PDB_OUT_DIR   = Path('pdb_files')
MONO_OUT_DIR  = Path('monomer_fragments')
TOPO_OUT_DIR  = Path('Topologies')

# Load monomer and rxn data 

In [None]:
# input_data_path = PROC_DATA_DIR / '20231114_polyid_data_density_DP2-6 - 1,2 monomers_FILTERED.csv'
# input_data_path = PROC_DATA_DIR / 'nipu_urethanes_FILTERED.csv'
input_data_path = PROC_DATA_DIR / 'monomer_data_MASTER.csv'
df = pd.read_csv(input_data_path, index_col=0)

## Load pre-defined reactions with functional group and name backmap

In [None]:
keys = ['rxn_name']

blacklisted_rxns = ['imide']#, 'vinyl']
df = df[df.mechanism.map(lambda s : s not in blacklisted_rxns)]

df_grouper = df.groupby(keys)
frames = {
    mech : df_grouper.get_group(mech)
        for mech in df_grouper.groups
}

In [None]:
with (RXN_FILES_DIR / 'rxn_groups.json').open('r') as file: # load table of functional group for each reaction
    rxn_groups = json.load(file)

rxns = {
    rxnname : reactions.AnnotatedReaction.from_rxnfile(RXN_FILES_DIR / f'{rxnname}.rxn')
        for rxnname in rxn_groups.keys()
}

# Auto-generating monomer fragments and Topologies

## Set up and format progress bars to track build status

In [None]:
from time import sleep
from rich.progress import Progress
from rich.progress import (
    BarColumn,
    Progress,
    SpinnerColumn,
    TaskProgressColumn,
    TextColumn,
    TimeElapsedColumn,
    TimeRemainingColumn,
)
from rich.console import Group
from rich.live import Live

# status of individual task
status_readout = Progress(
    'STATUS:',
    TextColumn(
        '[purple]{task.fields[action]}'
    ),
    '...'
)
status_id = status_readout.add_task('[green]Current compound:', action='')

# textual display of the name of the curent polymer
compound_readout = Progress(
    TextColumn(
        'Current compound ({task.completed} / {task.total}):'
    ),
    TextColumn(
        '[blue]{task.fields[polymer_name]}',
        justify='right'
    )
)
curr_compound_id  = compound_readout.add_task('[green]Current compound:', polymer_name='')

# progress over distinct classes of mechanism
overall_progress = Progress(
    SpinnerColumn(),
    "[progress.description]{task.description}",
    BarColumn(
        
    ),
    TaskProgressColumn(),
    TextColumn(
        '({task.completed} / {task.total})'
    ),
    'At:',
    TimeElapsedColumn(),
)
curr_mechanism_id = overall_progress.add_task('[blue]Reaction mechanism(s)', start=True, total=len(frames))

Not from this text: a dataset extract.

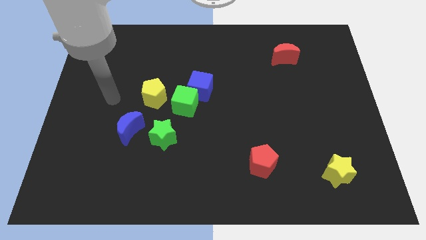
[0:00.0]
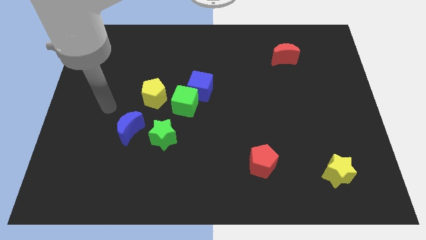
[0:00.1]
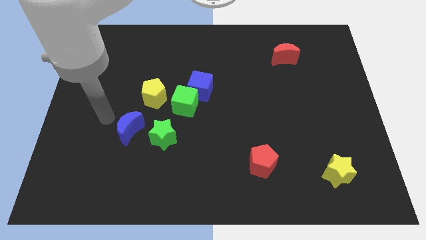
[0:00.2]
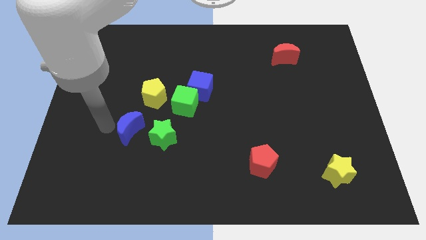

# individual progress bars within each mechanism
mechanism_progress = Progress(
    "[progress.description]{task.description}",
    BarColumn(),
    TaskProgressColumn(),
    TextColumn(
        '({task.completed} / {task.total})'
    ),
    'At:',
    TimeElapsedColumn(),
)
total_compounds = 0
mech_task_ids = {} # preprocess dataframes by mechanism to determine progress bar layout and task lengths
for rxn_name, rxn_df in frames.items():
    num_compounds = len(rxn_df)
    mech_task_ids[rxn_name] = mechanism_progress.add_task(f'[cyan]{rxn_name}', start=True, total=len(rxn_df))
    total_compounds += num_compounds
compound_readout.update(curr_compound_id, total=total_compounds)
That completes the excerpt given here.